Both the buyer and seller want a fair deal during the transaction of selling a small business. How do you ensure that you, as the buyer, get the best deal possible? Well, let’s be honest, you’re going to have to do the dance. The dance is negotiating, and a business rarely sells for the selling price right off the bat. There’s always a little dickering back and forth, and it’s a sport for some people.
Evaluate the value of the business.
You’re probably going to need a professional to help you do this. You’ll need to have them look over the business’s financials. That means they’ll look over the expenses, how much they’re bringing in, and all that money stuff. You need to know how much money the business is making so you can make an educated offer for the business.
It’s possible that you can do all of this yourself if you have the skills. You’ll have to factor in how much the location of the business is worth and all the equipment. If you’re dealing with a business with a lot of moving pieces, there will be quite a bit of stuff that you’ll need to factor in to determine its value.
Perform thorough market research
Market research is key to determining where you think the business is headed in the future. It also gives you insight as to what you can expect in the near future. If you’re buying a franchise that is currently on a downswing, it’s probably safe to say that the trend downward will continue.
Researching the market also means you need to take a look at your competitors. See how well they’re doing, and try to determine how long they’ve been in business. It doesn’t hurt to take a stroll in their business and have a look around to determine the health of the business. If you’re thinking about buying a coffee shop, go to your competitors, have a cup, and pay close attention to how many customers they get and what the average order size is. All of this information will be useful to help you understand what type of market you’re getting into.
Have a number in mind before you begin negotiating
You don’t want to plop down at the negotiating table without an amount in mind that you’re willing to pay for the business. When you buy a small business, it’s important that you have a number that you can work with, or the owner will try to take advantage of you.
If you know the business is worth half a million dollars, you don’t start off with that amount because the owner is going to go above that. The amount you begin with should be around four hundred thousand dollars or a tad lower, so you have a way to work it up.
Meeting someone in the middle makes both parties feel good, and that’s what you’re trying to achieve. Even though you’re willing to pay half a million dollars, you don’t start with that amount because you’ll end up paying much more.
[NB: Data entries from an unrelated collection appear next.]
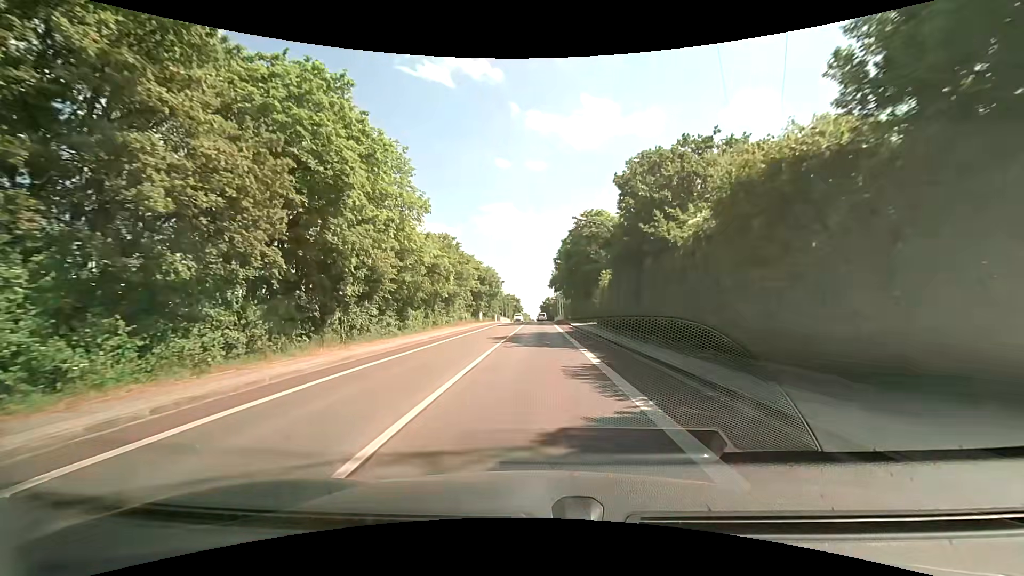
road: tertiary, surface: asphalt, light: Day
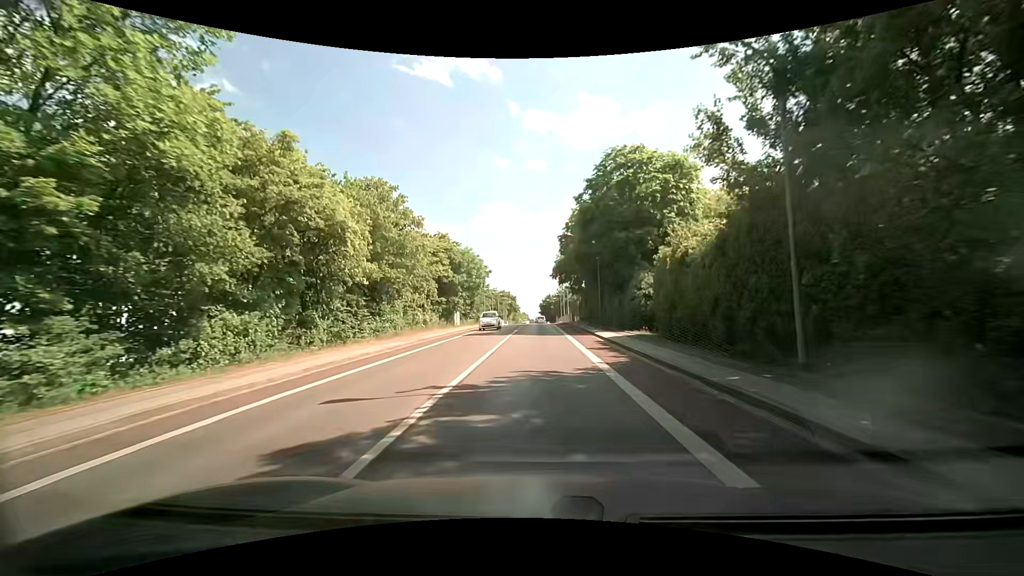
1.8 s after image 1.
(-0.1, +21.4) m; 0°
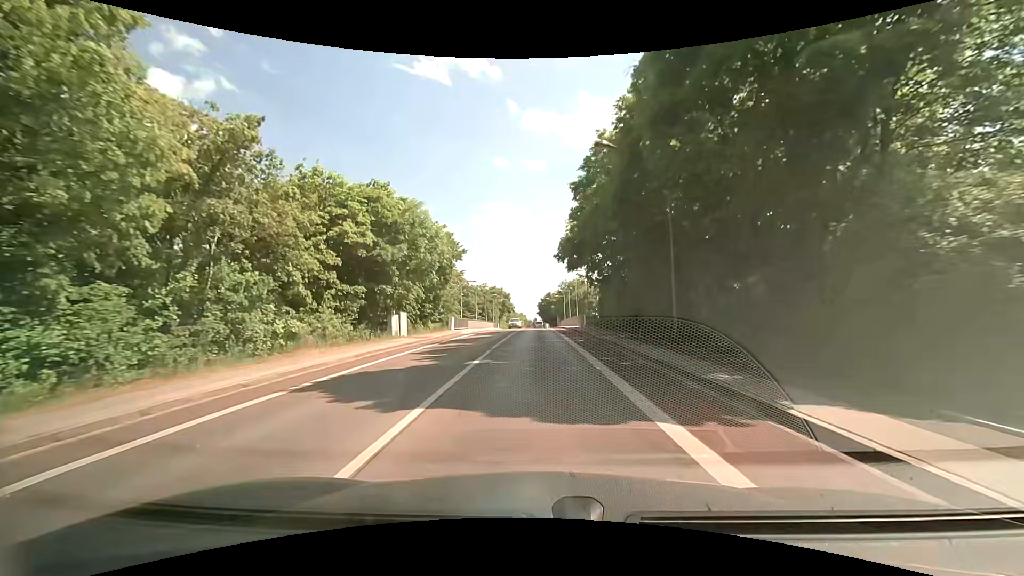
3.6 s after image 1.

The owner will then go down to three-quarters of a million dollars, and you’ll have to dance around that number until you settle for something closer to what you want. Start low, work your way up, and you can end up paying a price that doesn’t make you pucker up like you’ve just eaten a lemon.
Come to terms with the deal after you’ve determined the price
The terms refer to how you’re going to pay for the business. Are you going to make payments? Maybe you’ll pay it all at one time, and that will be it. It’s entirely possible that the owner of the business will allow you to make the payments until you’re clear. Don’t count on such a deal because a lot of business owners want to settle the deal and get it over with.
The terms will also include when you take over the business. You’ll need a little bit of a transition time so that you’re able to work out the kinks before they completely hand over the keys to you. If you’re buying a retail establishment, you’ll need to learn how to operate things like the cash register and any other equipment that’s necessary to run the business.
Conclusion
Don’t get screwed. That’s being a little blunt, but it’s easy to get screwed when you’re buying a small business. If the seller isn’t willing to come down to the price you want to pay, walk away from the deal. Don’t pay more for a business than what it’s worth just because you love the place. You’re in this to be profitable, not to own a business that’s going to bleed you dry.